Section 2.15. Additional Shares. The Company, at its option, may register under a Shelf Registration Statement and any filings with any state securities commissions filed pursuant to this Agreement, any number of unissued shares of Common Stock or any shares of Common Stock owned by any other stockholder or stockholders of the Company; provided that in no event shall the inclusion of such shares on a registration statement reduce the amount offered for the account of the Holders in any offering at the request of the Holders pursuant to Section 2.5. From and after the date hereof, the Company shall not enter into any agreement granting registration rights to any party with respect to the Company’s securities that would cause a violation of the rights granted to the Holders hereunder. The Company represents and warrants to each Holder that, as of the date of this Agreement, no Person has any registration rights with respect to any securities of the Company or of the Operating Partnership, other than those rights granted pursuant to the Existing Registration Rights Agreement.
ARTICLE III
MISCELLANEOUS
Section 3.1. Remedies. In addition to being entitled to exercise all rights provided herein and granted by law, including recovery of damages, the Holders shall be entitled to specific performance of the rights under this Agreement. The Company agrees that monetary damages would not be adequate compensation for any loss incurred by reason of a breach by it of the provisions of this Agreement and hereby agrees to waive the defense in any action for specific performance that a remedy at law would be adequate.

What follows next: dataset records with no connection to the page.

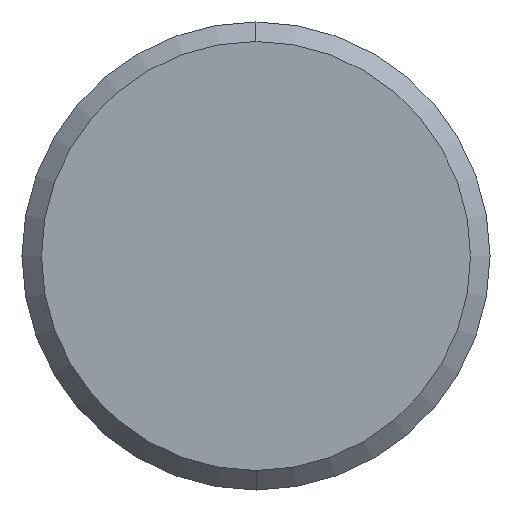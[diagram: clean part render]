
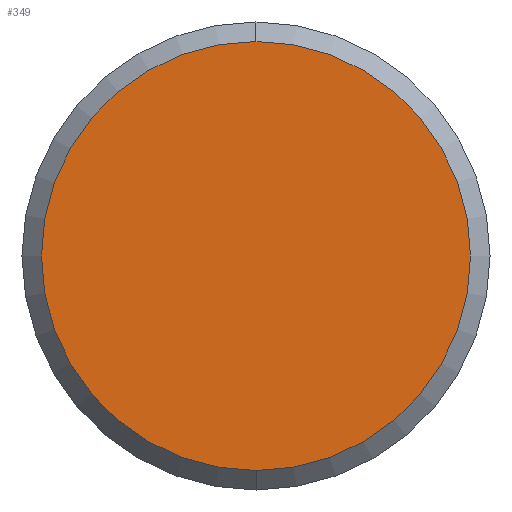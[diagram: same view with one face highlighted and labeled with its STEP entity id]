
A CAD part, left-side view. The second image highlights one B-rep face of the part: STEP entity #349.
In plain terms, the highlighted planar face has unit normal (-1, 0, 0).
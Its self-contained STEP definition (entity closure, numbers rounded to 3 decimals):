
#1 = DIRECTION ( 'NONE',  ( 0., 0., 1. ) ) ;
#25 = DIRECTION ( 'NONE',  ( -1., 0., 0. ) ) ;
#26 = CARTESIAN_POINT ( 'NONE',  ( 0., 0., -5.5 ) ) ;
#40 = CARTESIAN_POINT ( 'NONE',  ( 0., 0., 0. ) ) ;
#53 = VERTEX_POINT ( 'NONE', #333 ) ;
#78 = EDGE_CURVE ( 'NONE', #99, #53, #329, .T. ) ;
#85 = AXIS2_PLACEMENT_3D ( 'NONE', #116, #281, #448 ) ;
#99 = VERTEX_POINT ( 'NONE', #26 ) ;
#116 = CARTESIAN_POINT ( 'NONE',  ( 0., 0., 0. ) ) ;
#153 = EDGE_LOOP ( 'NONE', ( #309, #439 ) ) ;
#232 = EDGE_CURVE ( 'NONE', #53, #99, #283, .T. ) ;
#250 = FACE_OUTER_BOUND ( 'NONE', #153, .T. ) ;
#281 = DIRECTION ( 'NONE',  ( -1., 0., 0. ) ) ;
#283 = CIRCLE ( 'NONE', #85, 5.5 ) ;
#287 = DIRECTION ( 'NONE',  ( -1., 0., 0. ) ) ;
#309 = ORIENTED_EDGE ( 'NONE', *, *, #78, .T. ) ;
#329 = CIRCLE ( 'NONE', #441, 5.5 ) ;
#333 = CARTESIAN_POINT ( 'NONE',  ( 0., 0., 5.5 ) ) ;
#335 = PLANE ( 'NONE',  #468 ) ;
#349 = ADVANCED_FACE ( 'NONE', ( #250 ), #335, .T. ) ;
#367 = DIRECTION ( 'NONE',  ( 0., 0., 1. ) ) ;
#439 = ORIENTED_EDGE ( 'NONE', *, *, #232, .T. ) ;
#441 = AXIS2_PLACEMENT_3D ( 'NONE', #447, #287, #367 ) ;
#447 = CARTESIAN_POINT ( 'NONE',  ( 0., 0., 0. ) ) ;
#448 = DIRECTION ( 'NONE',  ( 0., 0., 1. ) ) ;
#468 = AXIS2_PLACEMENT_3D ( 'NONE', #40, #25, #1 ) ;

Section 3.2. Amendments and Waivers. The provisions of this Agreement, including the provisions of this sentence, may not be amended, modified or supplemented, and waivers or consents to departures from the provisions hereof may not be given, in each case without the written consent of the Company and the Holders holding a majority of the then outstanding Registrable Securities. No failure or
16
delay by any party to insist upon the strict performance of any covenant, duty, agreement or condition of this Agreement or to exercise any right or remedy consequent upon any breach thereof shall constitute waiver of any such breach or any other covenant, duty, agreement or condition.
Section 3.3. Notices. All notices and other communications hereunder shall be in writing and shall be deemed given if delivered personally (notice deemed given upon receipt), telecopied (notice deemed given upon confirmation of receipt) or sent by a nationally recognized overnight courier service, such as Federal Express (notice deemed given upon receipt of proof of delivery), to the parties hereto at the following addresses (or at such other address for a Party as shall be specified by like notice):
(1) if to any Holder, initially to the address indicated in Schedule I or to such other address and to such other Persons as any Holder may hereafter specify in writing; and
(2) if to the Company, initially at 00000 Xxxxxxxx Xxxx., Xxxxx Xxxxx, Xxx Xxxxxxx, Xxxxxxxxxx 00000, Facsimile: (000) 000-0000, Attention: Xxx Xxxxxxx, or to such other address as the Company may hereafter specify in writing.
Section 3.4. Successors and Assigns; Assignment of Registration Rights. This Agreement shall inure to the benefit of and be binding upon the successors, assigns and transferees of each of the parties. Any Holder may assign its rights under this Agreement in whole or in part without the consent of the Company in connection with a transfer of such Holder’s Registrable Securities, but only if the assignment or transfer is permitted by, and not in violation of, the Stockholders Agreement, the Operating Partnership Agreement and the Charter, as applicable, and provided such assignee or transferee agrees in writing to be bound by all the provisions hereof.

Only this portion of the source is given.